══ MATERIAL PROVIDED

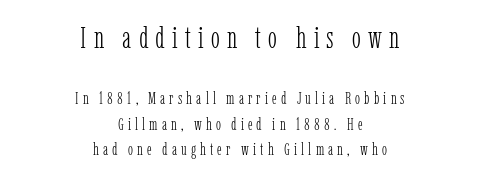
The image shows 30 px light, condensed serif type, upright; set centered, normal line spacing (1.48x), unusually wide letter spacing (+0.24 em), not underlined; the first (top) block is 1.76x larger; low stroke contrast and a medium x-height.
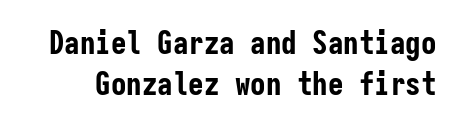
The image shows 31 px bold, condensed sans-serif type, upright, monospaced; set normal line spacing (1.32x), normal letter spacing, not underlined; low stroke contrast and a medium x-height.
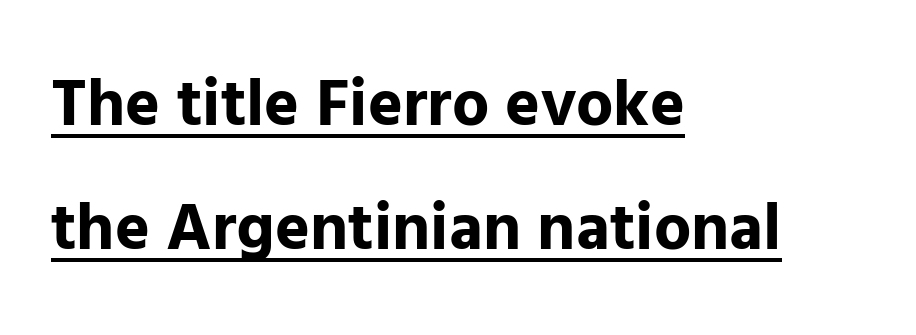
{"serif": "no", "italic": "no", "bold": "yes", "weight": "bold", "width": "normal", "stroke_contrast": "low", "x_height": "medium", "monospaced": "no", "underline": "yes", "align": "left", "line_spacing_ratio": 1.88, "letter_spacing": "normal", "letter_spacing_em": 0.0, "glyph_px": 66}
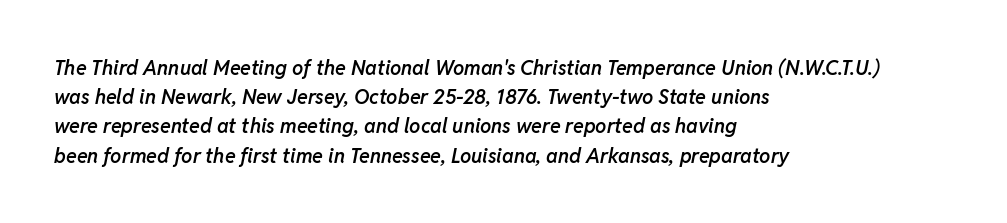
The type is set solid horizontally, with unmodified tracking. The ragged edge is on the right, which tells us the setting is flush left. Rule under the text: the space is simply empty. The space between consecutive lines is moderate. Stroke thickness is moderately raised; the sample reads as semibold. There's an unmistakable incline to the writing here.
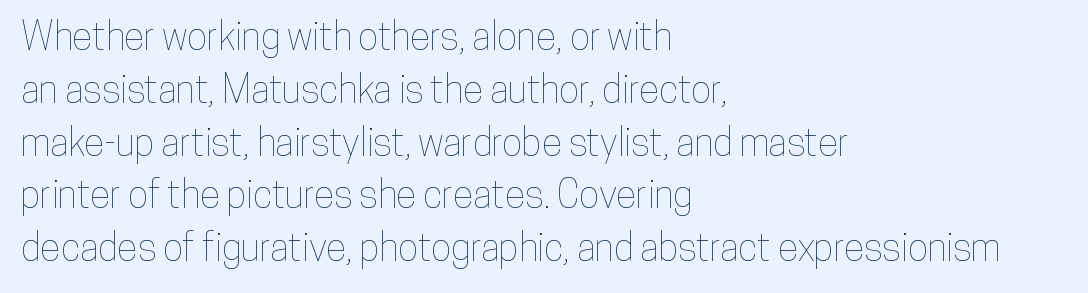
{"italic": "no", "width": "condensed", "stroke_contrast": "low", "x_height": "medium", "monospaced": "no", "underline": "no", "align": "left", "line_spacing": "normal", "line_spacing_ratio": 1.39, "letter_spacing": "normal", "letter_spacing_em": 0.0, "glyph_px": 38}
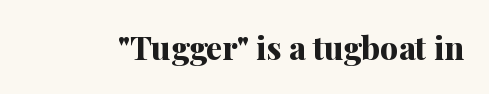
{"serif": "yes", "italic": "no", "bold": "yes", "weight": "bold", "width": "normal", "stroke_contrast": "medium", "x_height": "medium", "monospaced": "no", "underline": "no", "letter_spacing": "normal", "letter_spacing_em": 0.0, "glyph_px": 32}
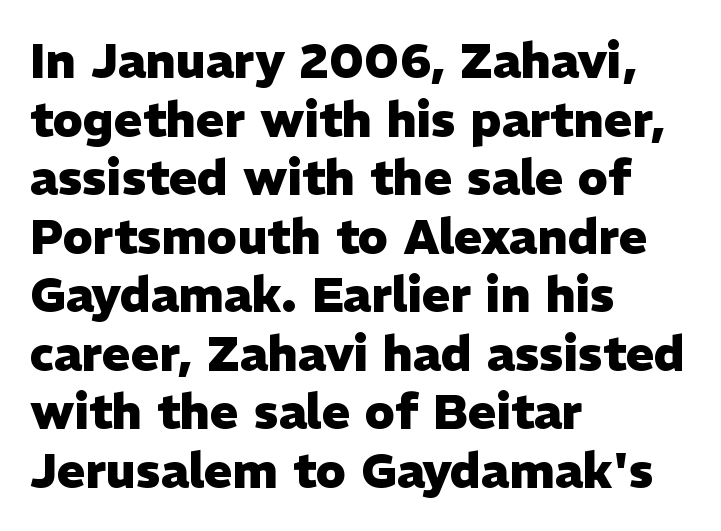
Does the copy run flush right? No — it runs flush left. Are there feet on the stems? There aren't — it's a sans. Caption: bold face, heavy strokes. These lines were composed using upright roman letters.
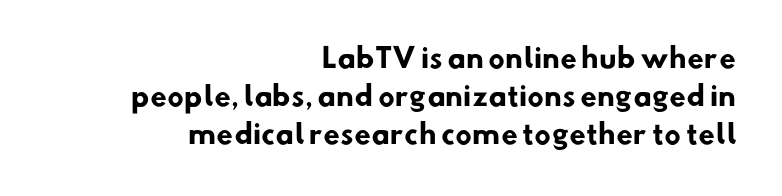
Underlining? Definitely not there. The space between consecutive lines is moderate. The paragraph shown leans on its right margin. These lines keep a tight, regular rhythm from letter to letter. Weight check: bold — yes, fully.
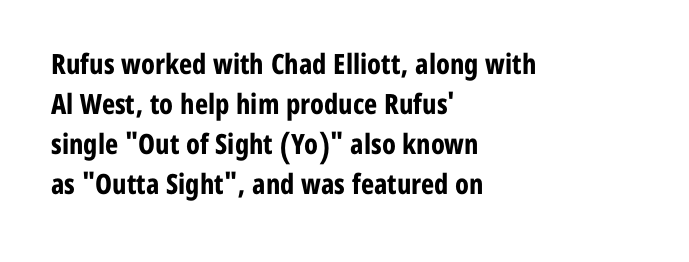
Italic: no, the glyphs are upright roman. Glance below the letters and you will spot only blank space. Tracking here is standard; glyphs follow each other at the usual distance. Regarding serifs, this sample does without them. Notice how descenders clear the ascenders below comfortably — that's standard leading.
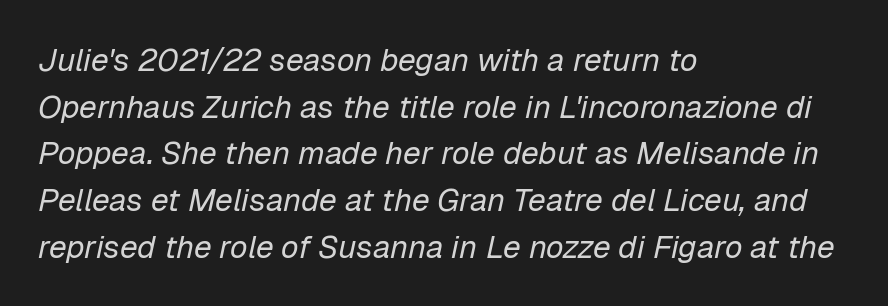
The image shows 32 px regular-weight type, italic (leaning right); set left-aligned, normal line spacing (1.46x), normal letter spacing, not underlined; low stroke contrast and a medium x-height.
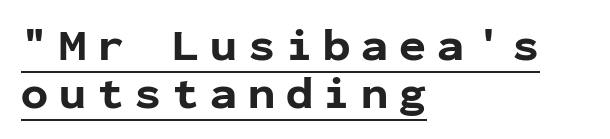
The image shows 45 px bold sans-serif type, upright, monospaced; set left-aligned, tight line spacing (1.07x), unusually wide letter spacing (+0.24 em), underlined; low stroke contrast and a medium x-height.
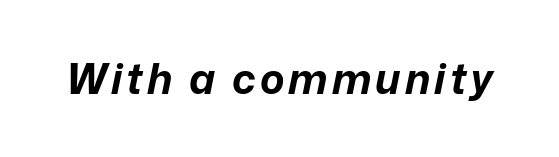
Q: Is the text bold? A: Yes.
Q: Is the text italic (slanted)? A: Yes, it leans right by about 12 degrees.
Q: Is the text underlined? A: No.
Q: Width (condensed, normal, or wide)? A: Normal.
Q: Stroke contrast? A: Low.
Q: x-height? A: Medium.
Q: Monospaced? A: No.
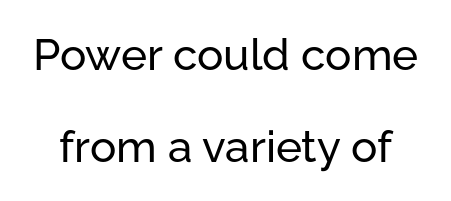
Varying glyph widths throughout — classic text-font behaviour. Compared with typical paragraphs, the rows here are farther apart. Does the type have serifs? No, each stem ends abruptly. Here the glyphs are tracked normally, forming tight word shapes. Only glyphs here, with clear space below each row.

════
══ MATERIAL PROVIDED

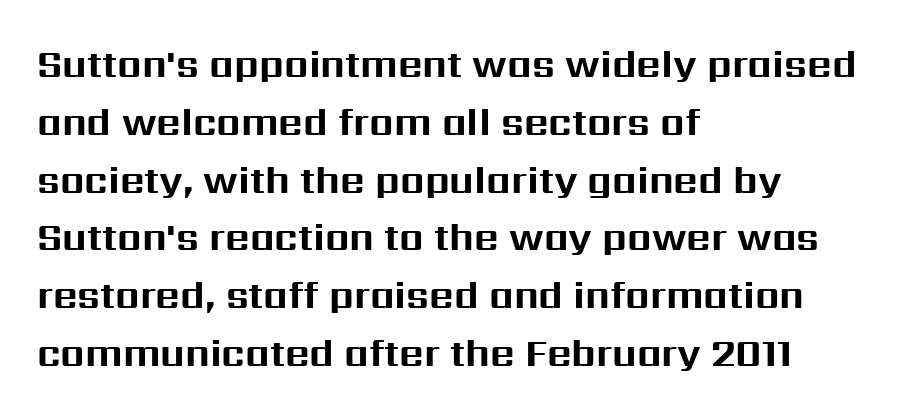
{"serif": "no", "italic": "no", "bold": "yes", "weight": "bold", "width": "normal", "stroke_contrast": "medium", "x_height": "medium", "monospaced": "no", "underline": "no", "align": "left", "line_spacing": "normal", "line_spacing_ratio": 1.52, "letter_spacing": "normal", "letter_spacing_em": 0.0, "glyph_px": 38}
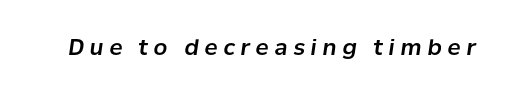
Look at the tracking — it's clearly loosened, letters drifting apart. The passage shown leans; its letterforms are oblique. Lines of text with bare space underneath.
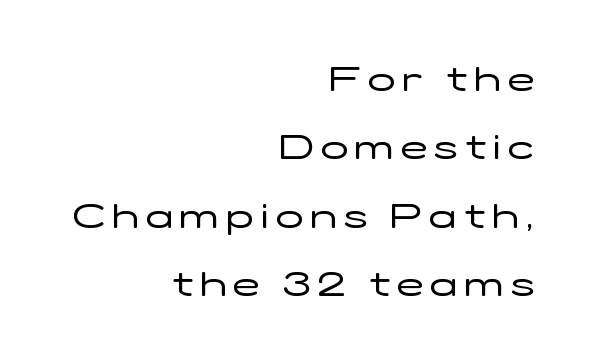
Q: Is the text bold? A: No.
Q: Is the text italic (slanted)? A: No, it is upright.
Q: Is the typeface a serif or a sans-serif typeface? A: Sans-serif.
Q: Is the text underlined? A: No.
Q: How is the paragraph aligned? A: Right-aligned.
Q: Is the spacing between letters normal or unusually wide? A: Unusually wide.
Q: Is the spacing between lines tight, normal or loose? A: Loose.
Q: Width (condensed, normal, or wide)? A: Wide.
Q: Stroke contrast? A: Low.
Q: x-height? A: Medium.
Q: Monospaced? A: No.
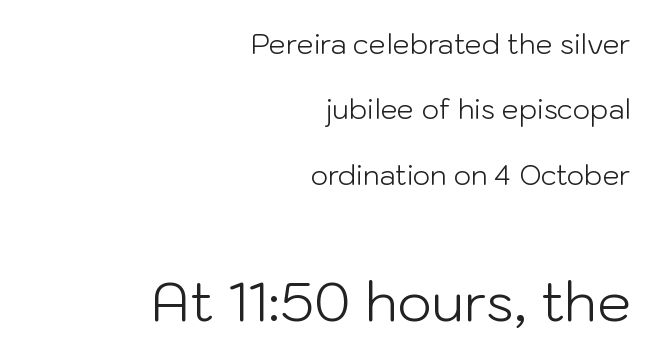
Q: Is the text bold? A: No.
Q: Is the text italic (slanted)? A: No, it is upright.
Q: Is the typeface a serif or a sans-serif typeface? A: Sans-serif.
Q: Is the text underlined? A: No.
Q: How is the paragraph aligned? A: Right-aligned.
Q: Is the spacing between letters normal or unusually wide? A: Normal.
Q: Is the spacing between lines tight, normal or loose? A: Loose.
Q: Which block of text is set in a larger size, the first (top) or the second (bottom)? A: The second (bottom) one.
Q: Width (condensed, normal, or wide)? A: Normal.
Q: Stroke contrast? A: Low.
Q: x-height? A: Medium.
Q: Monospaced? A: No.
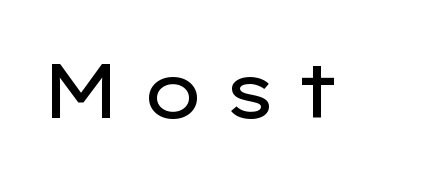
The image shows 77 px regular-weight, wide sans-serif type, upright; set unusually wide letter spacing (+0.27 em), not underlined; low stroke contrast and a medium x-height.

════

WHAT THE EXERCISE ASKS | Using the listing above, count the lines that contain the word "aligned" and state only that number.

EXERCISE OUTPUT | 4